Tras la confesión del DT Lionel Scaloni sobre haber padecido herpes zóster, especialistas locales explican los síntomas, riesgos y recomendaciones sobre esta enfermedad viral.
En los últimos días, los síntomas y consecuencias del herpes zóster volvieron a estar en el centro de la agenda luego de que el director técnico de la selección argentina de fútbol, Lionel Scaloni, confesara haber tenido esta infección al finalizar el Mundial en el que el equipo nacional se consagró campeón. “Me salió un herpes cuando el cuerpo se relajó”, dijo Scaloni, para remarcar luego que el cuerpo pasa facturas después de la tensión y el estrés.
La Capital consultó al infectólogo Mathías Lahitte, del área de Epidemiología de la Secretaría de Salud Pública de Rosario. El especialista explicó que el herpes zóster “es una enfermedad viral causada por el virus de la varicela, al que popularmente se lo llama culebrilla. La reactivación de ese virus (varicela zóster) produce el herpes. Por lo general, luego del episodio de varicela en la infancia, queda latente, como dormido en los ganglios, y luego, por algún motivo se genera una reactivación y aparece la lesión del zóster en un nervio, incluso en múltiples nervios”.
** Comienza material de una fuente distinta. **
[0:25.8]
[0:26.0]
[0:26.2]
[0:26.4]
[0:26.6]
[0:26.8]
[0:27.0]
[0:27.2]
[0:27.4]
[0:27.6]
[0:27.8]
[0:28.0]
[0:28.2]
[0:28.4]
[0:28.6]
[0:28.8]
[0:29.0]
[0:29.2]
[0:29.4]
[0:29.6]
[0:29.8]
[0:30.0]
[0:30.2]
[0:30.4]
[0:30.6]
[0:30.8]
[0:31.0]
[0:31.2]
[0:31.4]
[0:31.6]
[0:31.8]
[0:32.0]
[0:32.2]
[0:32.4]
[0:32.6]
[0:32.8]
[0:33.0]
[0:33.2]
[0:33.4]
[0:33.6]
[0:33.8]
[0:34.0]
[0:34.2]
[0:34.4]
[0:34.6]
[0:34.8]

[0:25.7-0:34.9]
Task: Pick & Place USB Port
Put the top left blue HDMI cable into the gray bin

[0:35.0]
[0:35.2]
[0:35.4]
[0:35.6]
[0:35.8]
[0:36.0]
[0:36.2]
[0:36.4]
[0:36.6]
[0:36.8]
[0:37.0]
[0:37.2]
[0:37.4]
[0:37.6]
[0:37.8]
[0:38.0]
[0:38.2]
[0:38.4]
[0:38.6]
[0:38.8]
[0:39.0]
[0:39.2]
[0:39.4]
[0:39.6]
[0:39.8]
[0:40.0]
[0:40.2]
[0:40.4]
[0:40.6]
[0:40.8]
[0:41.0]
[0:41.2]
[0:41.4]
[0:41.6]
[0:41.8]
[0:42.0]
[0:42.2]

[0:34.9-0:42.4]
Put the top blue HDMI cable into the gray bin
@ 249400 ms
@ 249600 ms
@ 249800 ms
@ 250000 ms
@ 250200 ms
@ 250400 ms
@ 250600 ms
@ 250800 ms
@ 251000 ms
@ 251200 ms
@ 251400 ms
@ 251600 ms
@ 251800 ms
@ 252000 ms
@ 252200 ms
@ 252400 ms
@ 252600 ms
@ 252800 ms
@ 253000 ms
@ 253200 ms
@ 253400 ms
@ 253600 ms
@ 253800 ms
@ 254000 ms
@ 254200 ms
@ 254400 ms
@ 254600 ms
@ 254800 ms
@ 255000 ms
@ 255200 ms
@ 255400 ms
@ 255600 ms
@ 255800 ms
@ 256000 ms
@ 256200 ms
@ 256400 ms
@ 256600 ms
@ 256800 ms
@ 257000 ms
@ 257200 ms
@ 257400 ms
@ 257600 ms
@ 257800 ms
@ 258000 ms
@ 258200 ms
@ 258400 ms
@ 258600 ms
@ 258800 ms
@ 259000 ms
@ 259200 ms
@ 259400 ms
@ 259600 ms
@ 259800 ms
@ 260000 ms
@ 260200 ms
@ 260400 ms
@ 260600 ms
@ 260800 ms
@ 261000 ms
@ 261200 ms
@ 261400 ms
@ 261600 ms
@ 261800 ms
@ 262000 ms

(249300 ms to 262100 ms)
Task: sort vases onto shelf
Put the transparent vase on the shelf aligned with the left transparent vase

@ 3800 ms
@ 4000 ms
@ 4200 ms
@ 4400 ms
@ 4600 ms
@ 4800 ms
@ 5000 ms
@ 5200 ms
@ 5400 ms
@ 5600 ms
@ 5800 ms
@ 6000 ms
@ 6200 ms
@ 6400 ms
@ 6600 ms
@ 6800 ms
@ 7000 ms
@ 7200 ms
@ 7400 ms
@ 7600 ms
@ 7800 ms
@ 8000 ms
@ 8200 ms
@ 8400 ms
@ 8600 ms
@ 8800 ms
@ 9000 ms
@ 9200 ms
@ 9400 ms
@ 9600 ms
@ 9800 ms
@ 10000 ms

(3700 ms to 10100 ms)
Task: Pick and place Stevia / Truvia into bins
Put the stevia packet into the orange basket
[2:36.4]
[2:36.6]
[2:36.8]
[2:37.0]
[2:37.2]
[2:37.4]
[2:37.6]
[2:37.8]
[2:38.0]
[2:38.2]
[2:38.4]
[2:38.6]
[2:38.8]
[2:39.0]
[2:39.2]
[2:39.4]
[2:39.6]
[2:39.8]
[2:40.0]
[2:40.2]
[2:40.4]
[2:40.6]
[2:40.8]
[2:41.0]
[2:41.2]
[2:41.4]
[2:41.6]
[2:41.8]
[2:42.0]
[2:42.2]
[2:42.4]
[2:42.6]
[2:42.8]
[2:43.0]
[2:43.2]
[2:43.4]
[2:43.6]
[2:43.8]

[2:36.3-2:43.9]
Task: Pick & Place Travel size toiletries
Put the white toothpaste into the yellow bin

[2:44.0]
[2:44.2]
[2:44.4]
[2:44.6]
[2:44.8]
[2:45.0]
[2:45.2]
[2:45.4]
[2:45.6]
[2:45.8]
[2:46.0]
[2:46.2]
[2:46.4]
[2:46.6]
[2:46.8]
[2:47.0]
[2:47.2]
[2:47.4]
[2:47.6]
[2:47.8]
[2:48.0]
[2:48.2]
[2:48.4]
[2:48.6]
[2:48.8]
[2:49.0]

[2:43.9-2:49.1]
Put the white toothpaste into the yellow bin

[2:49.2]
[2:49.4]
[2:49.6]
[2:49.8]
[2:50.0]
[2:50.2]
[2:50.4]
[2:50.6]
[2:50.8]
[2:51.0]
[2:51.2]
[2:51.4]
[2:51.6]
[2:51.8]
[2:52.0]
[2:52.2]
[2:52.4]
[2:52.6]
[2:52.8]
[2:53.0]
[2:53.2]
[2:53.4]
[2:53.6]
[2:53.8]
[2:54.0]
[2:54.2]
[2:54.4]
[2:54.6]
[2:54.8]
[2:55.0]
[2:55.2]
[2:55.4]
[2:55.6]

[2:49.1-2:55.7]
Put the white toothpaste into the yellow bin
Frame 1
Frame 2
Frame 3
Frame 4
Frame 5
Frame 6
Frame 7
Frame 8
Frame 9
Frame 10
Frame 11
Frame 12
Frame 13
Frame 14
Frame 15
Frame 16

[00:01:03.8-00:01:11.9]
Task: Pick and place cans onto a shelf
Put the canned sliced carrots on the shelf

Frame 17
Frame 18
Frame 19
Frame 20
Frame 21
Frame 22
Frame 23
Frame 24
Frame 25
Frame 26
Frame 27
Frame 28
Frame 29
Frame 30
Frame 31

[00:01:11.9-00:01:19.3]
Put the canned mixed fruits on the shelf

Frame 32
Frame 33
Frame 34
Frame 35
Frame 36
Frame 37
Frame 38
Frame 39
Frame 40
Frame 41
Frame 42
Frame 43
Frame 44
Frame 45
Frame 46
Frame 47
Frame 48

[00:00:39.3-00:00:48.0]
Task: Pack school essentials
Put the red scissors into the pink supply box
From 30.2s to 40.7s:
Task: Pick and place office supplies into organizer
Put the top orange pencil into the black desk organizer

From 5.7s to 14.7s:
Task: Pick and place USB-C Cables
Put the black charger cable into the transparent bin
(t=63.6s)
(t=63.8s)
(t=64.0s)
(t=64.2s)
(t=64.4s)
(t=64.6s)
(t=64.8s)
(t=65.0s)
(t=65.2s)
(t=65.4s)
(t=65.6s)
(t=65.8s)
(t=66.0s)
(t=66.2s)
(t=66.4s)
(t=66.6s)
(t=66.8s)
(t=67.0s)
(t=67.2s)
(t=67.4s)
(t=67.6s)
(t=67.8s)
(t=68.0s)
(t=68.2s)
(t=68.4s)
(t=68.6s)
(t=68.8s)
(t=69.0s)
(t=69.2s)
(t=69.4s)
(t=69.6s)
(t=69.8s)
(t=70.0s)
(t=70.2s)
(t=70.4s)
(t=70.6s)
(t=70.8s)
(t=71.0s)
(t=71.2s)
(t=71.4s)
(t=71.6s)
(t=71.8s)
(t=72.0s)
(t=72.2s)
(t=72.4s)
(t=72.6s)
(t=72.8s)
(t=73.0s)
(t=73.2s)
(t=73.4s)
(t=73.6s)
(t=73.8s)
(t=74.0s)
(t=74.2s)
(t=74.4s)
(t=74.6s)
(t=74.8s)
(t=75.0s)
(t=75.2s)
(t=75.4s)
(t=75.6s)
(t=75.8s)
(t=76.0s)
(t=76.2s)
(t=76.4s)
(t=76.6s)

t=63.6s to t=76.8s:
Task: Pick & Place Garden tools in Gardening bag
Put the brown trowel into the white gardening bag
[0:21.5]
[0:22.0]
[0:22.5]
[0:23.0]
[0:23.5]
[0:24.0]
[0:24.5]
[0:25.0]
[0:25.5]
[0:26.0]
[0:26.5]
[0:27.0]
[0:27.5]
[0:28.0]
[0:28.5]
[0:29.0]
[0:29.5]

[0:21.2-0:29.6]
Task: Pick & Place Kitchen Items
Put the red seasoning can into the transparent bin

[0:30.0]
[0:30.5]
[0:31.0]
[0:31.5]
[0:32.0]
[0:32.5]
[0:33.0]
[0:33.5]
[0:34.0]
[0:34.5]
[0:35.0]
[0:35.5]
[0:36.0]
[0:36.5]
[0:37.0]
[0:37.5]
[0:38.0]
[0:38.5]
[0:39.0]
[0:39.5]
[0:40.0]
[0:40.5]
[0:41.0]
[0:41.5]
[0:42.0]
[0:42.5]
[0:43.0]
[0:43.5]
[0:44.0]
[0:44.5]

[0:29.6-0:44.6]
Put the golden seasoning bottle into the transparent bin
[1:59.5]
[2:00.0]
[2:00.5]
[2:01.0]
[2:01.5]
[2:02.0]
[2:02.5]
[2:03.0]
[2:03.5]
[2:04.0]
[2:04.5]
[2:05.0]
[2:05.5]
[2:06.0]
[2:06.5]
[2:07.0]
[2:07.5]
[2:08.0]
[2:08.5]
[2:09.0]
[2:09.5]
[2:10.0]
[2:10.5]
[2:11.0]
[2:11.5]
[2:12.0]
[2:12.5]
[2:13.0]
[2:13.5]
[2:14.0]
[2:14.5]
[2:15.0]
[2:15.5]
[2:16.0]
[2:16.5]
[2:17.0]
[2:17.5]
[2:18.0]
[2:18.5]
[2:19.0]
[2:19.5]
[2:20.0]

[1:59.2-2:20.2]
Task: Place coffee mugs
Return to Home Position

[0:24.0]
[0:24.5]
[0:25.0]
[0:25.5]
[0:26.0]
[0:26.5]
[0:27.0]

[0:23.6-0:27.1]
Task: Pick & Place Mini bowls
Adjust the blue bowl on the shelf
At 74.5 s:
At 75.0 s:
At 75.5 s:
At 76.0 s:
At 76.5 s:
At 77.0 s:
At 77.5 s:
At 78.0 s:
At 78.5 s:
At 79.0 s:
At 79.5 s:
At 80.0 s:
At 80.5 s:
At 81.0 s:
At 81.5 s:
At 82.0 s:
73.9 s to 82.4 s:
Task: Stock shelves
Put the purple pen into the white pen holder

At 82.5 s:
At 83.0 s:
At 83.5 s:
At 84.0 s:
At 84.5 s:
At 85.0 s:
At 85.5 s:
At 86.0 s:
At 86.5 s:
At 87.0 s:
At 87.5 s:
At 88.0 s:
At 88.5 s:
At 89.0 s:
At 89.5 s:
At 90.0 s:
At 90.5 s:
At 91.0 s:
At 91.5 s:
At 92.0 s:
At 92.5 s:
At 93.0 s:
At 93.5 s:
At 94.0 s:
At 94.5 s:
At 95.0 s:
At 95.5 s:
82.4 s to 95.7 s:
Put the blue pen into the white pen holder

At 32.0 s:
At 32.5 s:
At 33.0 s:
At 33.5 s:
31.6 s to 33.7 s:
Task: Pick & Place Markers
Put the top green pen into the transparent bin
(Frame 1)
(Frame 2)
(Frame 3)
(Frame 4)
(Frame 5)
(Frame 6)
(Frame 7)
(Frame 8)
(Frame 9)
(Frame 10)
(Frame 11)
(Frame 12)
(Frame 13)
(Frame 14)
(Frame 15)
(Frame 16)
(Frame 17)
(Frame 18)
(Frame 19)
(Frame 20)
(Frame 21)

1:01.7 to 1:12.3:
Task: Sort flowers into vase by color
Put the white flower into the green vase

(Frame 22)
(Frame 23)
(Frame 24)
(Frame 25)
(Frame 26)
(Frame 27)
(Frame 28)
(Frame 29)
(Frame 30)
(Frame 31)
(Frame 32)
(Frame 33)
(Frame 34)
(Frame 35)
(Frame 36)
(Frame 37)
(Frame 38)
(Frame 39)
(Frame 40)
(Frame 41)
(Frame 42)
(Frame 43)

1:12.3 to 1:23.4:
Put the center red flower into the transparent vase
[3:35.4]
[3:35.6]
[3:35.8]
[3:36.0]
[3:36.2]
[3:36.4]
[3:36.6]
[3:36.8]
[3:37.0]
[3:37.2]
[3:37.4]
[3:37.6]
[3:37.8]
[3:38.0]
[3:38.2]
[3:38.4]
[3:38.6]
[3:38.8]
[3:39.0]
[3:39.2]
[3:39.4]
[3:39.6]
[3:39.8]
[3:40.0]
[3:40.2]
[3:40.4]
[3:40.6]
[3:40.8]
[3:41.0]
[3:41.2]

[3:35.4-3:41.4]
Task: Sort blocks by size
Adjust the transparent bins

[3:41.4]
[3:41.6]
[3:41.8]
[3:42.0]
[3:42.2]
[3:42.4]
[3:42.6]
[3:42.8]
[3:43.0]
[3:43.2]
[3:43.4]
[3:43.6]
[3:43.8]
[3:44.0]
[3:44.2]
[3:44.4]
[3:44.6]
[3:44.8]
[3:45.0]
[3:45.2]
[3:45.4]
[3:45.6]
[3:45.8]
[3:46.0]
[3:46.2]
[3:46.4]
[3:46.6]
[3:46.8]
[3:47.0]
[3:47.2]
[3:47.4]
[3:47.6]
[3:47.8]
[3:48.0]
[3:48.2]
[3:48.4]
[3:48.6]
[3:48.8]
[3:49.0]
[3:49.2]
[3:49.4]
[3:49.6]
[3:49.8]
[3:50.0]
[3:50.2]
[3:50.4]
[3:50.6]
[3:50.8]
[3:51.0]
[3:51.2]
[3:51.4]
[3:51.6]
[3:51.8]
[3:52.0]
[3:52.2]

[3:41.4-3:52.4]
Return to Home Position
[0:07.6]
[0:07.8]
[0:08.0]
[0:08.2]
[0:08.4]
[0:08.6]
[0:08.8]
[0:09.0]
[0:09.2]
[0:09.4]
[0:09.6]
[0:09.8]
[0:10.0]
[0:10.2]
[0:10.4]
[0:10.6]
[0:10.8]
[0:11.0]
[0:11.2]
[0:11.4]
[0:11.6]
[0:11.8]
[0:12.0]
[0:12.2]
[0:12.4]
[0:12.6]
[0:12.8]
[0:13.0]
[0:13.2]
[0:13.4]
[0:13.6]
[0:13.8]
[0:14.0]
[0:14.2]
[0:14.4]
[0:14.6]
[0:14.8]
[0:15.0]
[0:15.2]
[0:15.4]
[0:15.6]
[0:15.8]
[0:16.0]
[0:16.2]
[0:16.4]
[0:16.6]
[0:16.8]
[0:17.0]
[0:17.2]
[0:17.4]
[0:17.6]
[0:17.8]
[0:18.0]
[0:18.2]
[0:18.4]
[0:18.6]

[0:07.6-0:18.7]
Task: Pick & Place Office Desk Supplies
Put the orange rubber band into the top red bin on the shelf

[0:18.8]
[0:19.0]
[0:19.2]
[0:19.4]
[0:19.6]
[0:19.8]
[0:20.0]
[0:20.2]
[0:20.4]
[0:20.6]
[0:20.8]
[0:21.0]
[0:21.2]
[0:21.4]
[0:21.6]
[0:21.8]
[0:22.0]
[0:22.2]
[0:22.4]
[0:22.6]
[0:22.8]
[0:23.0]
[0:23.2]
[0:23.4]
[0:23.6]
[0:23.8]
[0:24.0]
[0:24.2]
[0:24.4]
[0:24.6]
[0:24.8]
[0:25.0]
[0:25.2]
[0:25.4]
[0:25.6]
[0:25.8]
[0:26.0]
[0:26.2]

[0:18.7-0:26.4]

Según la Sociedad Argentina de Dermatología, se producen entre 50 mil y 100 mil casos al año en la Argentina, pero como no es una infección de denuncia obligatoria al sistema epidemiológico, los números son estimativos. Los médicos rosarinos y de la zona, ya sean clínicos, dermatólogos o infectólogos, aseguran que suelen ver a menudo en sus consultorios personas que llegan con este cuadro o con síntomas posteriores. “El herpes zóster puede aparecer en la región dorsal del cuerpo y muchas veces lo vemos también en los nervios craneales, en la cara”, comentó Lahitte.
Síntomas y edades más riesgosas
Sensación de hormigueo, picazón y enrojecimiento de la zona son las primeras señales. El infectólogo comentó que luego de los 50 años la aparición de esta enfermedad es más frecuente, y más en la tercera edad. “Una de cada tres personas van a tener algún episodio en la vida”, dijo el experto. También puede darse en quienes están inmunodeprimidos, por ejemplo personas que atraviesan un tratamiento oncológico de quimioterapia o con alguna droga que baje las defensas, o con enfermedades crónicas que predispongan a infecciones.
Se caracteriza por un comienzo con hormigueo, sensación de ardor en la zona afectada, picazón, mayor sensibilidad de la piel y luego aparecen lesiones vesiculares, como en ramillete, con una base colorada, eritematosa. “Esta es la característica de la lesión ya evidente, pero a veces solo aparece el dolor por la afectación de la mielina que recubre los nervios”.
¿Y si se complica?
Como posible complicación, “puede aparecer la neuralgia posherpética, que es un dolor fuerte en la zona”, dijo el médico. “Es el compromiso nervioso posterior, que requiere analgésicos y que es un dolor prolongado. Muchas veces necesitamos otras drogas como opioides, o antineuríticas”, por la magnitud del malestar, detalló el infectólogo. Además pueden infectarse las lesiones con alguna bacteria, enumeró Lahitte. En menor medida, pero posible, se encuentra la afectación del sistema nervioso central como si fuese una “meningoencefalitis”, y en ocasiones, “alteración visual en caso de afectar los nervios craneales, una rama oftálmica”.
Quiénes deben vacunarse
Las vacunas para adultos no están disponibles en el calendario nacional y gratuito. Por eso, cada persona debería consultar con su médico de cabecera si recomienda que se aplique alguna de las dos vacunas que están en el mercado para minimizar el impacto de esta enfermedad, en especial la neuralgia posherpes, y además disminuir los episodios recurrentes.